» TASK DESCRIPTION
Reproduce the records that follow exactly; any picture among them stays out.

══ RECORDS SUPPLIED ══

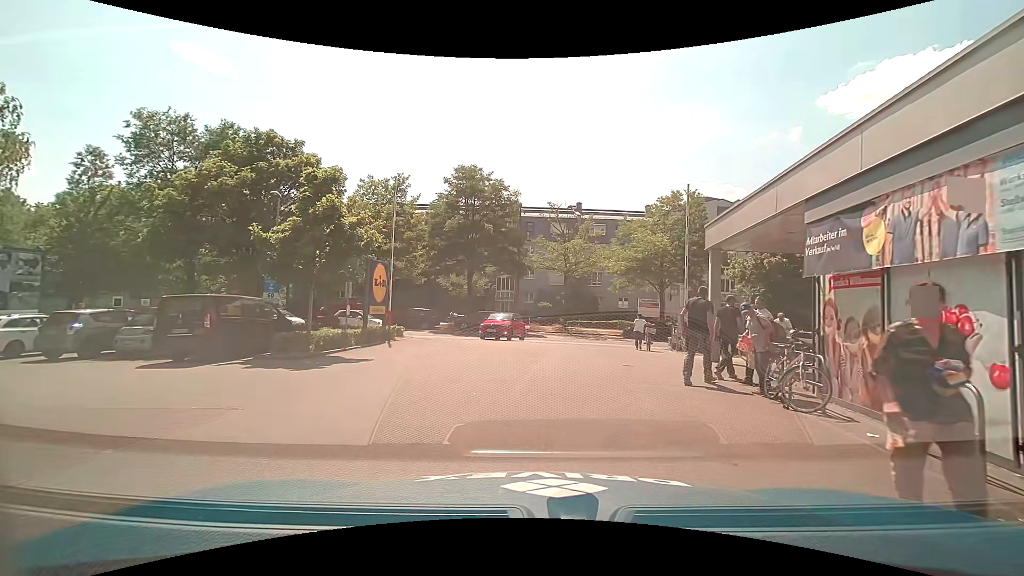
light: Day
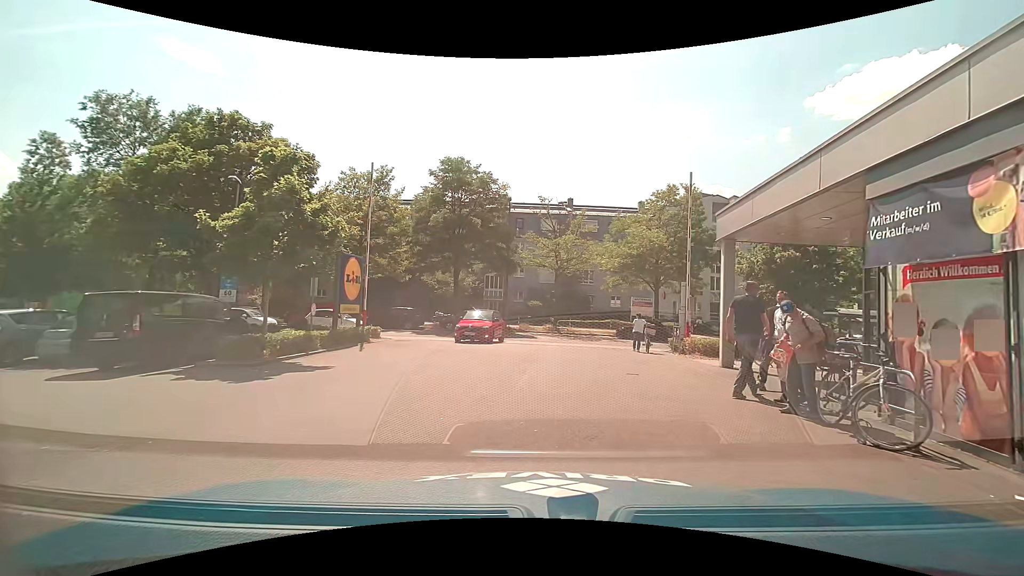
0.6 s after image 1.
(0.0, +2.0) m; 0°
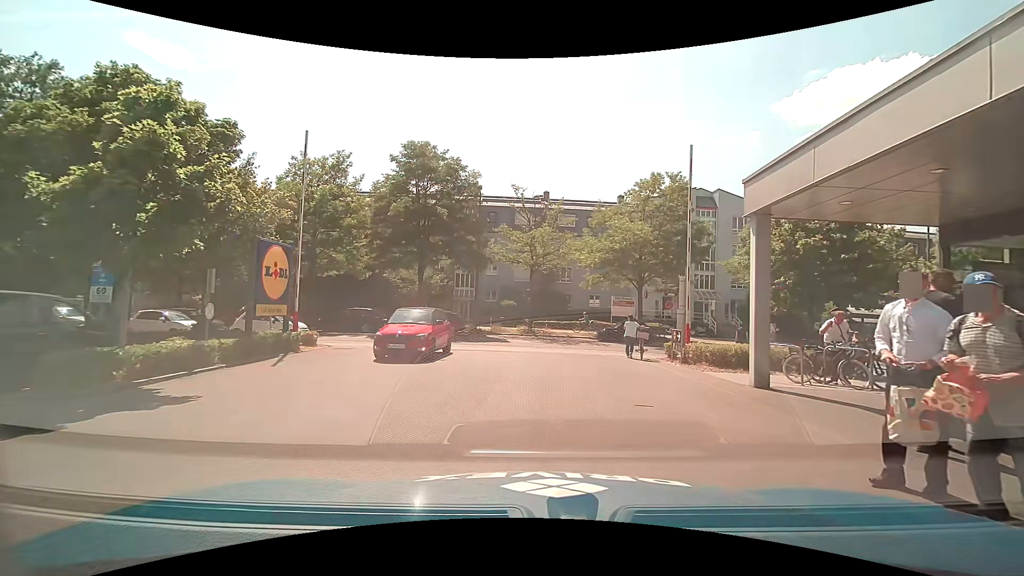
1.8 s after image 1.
(+0.2, +3.8) m; +4°
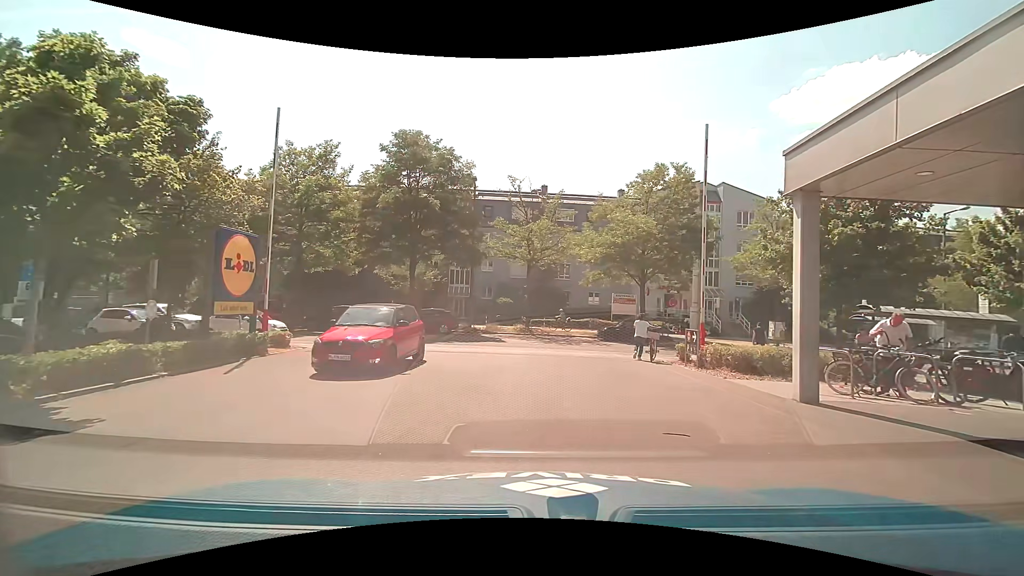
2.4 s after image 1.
(0.0, +1.8) m; 0°
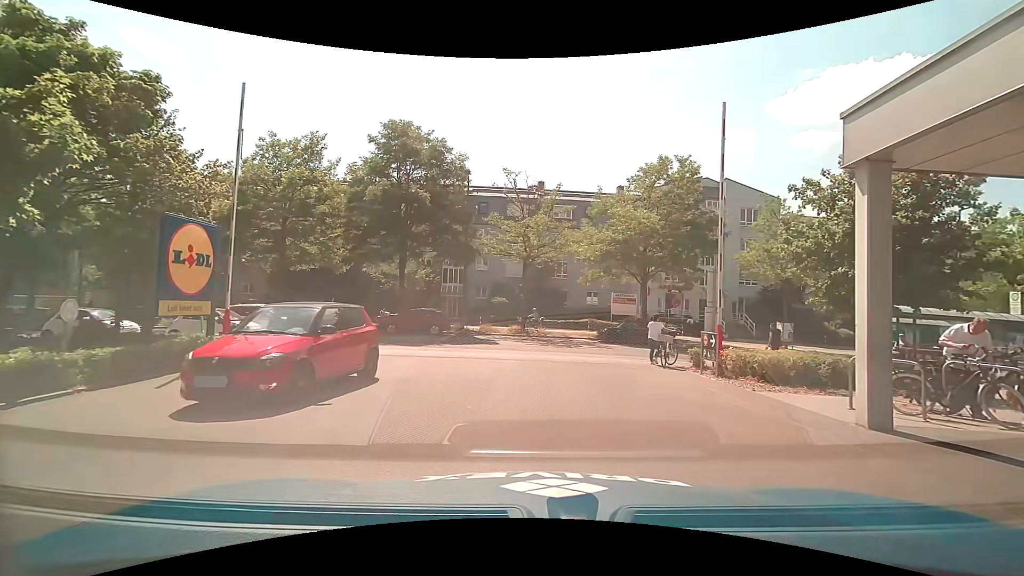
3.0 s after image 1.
(0.0, +1.8) m; 0°
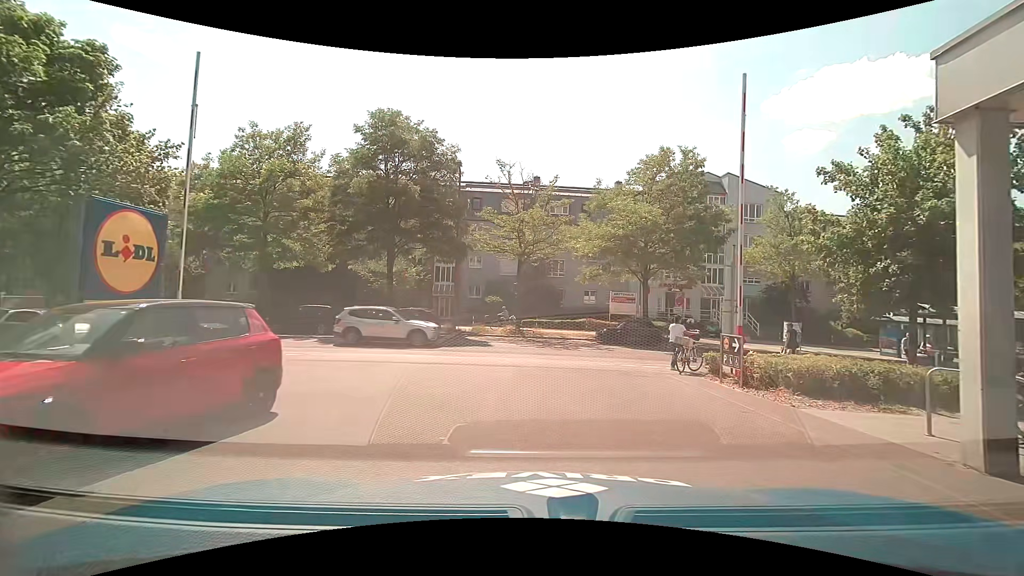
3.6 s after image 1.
(0.0, +1.7) m; +1°
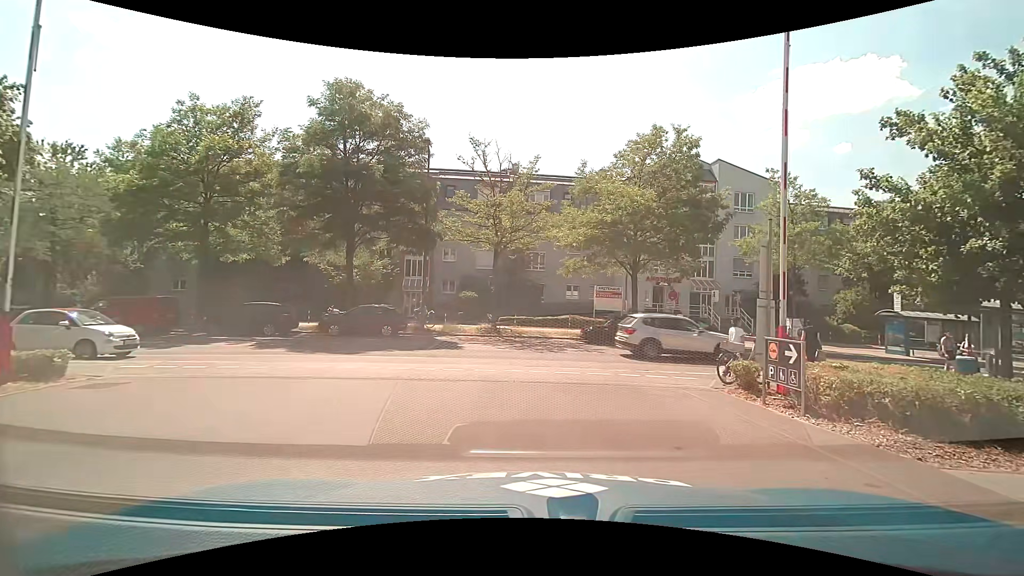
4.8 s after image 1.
(0.0, +3.3) m; +2°
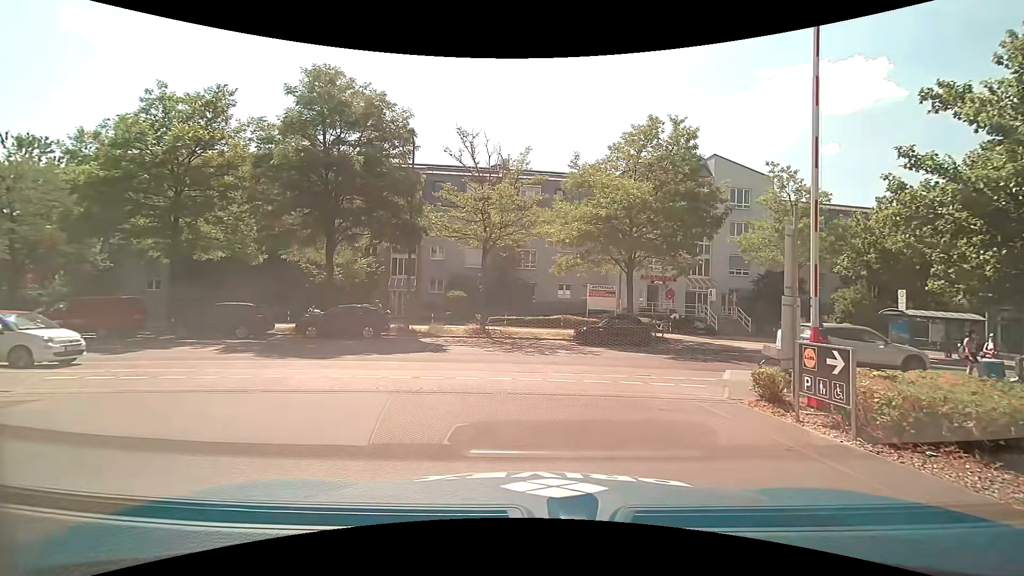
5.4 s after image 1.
(0.0, +1.4) m; +2°

═══

» EXERCISE ANSWER
light: Day
0.6 s after image 1.
(0.0, +2.0) m; 0°
1.8 s after image 1.
(+0.2, +3.8) m; +4°
2.4 s after image 1.
(0.0, +1.8) m; 0°
3.0 s after image 1.
(0.0, +1.8) m; 0°
3.6 s after image 1.
(0.0, +1.7) m; +1°
4.8 s after image 1.
(0.0, +3.3) m; +2°
5.4 s after image 1.
(0.0, +1.4) m; +2°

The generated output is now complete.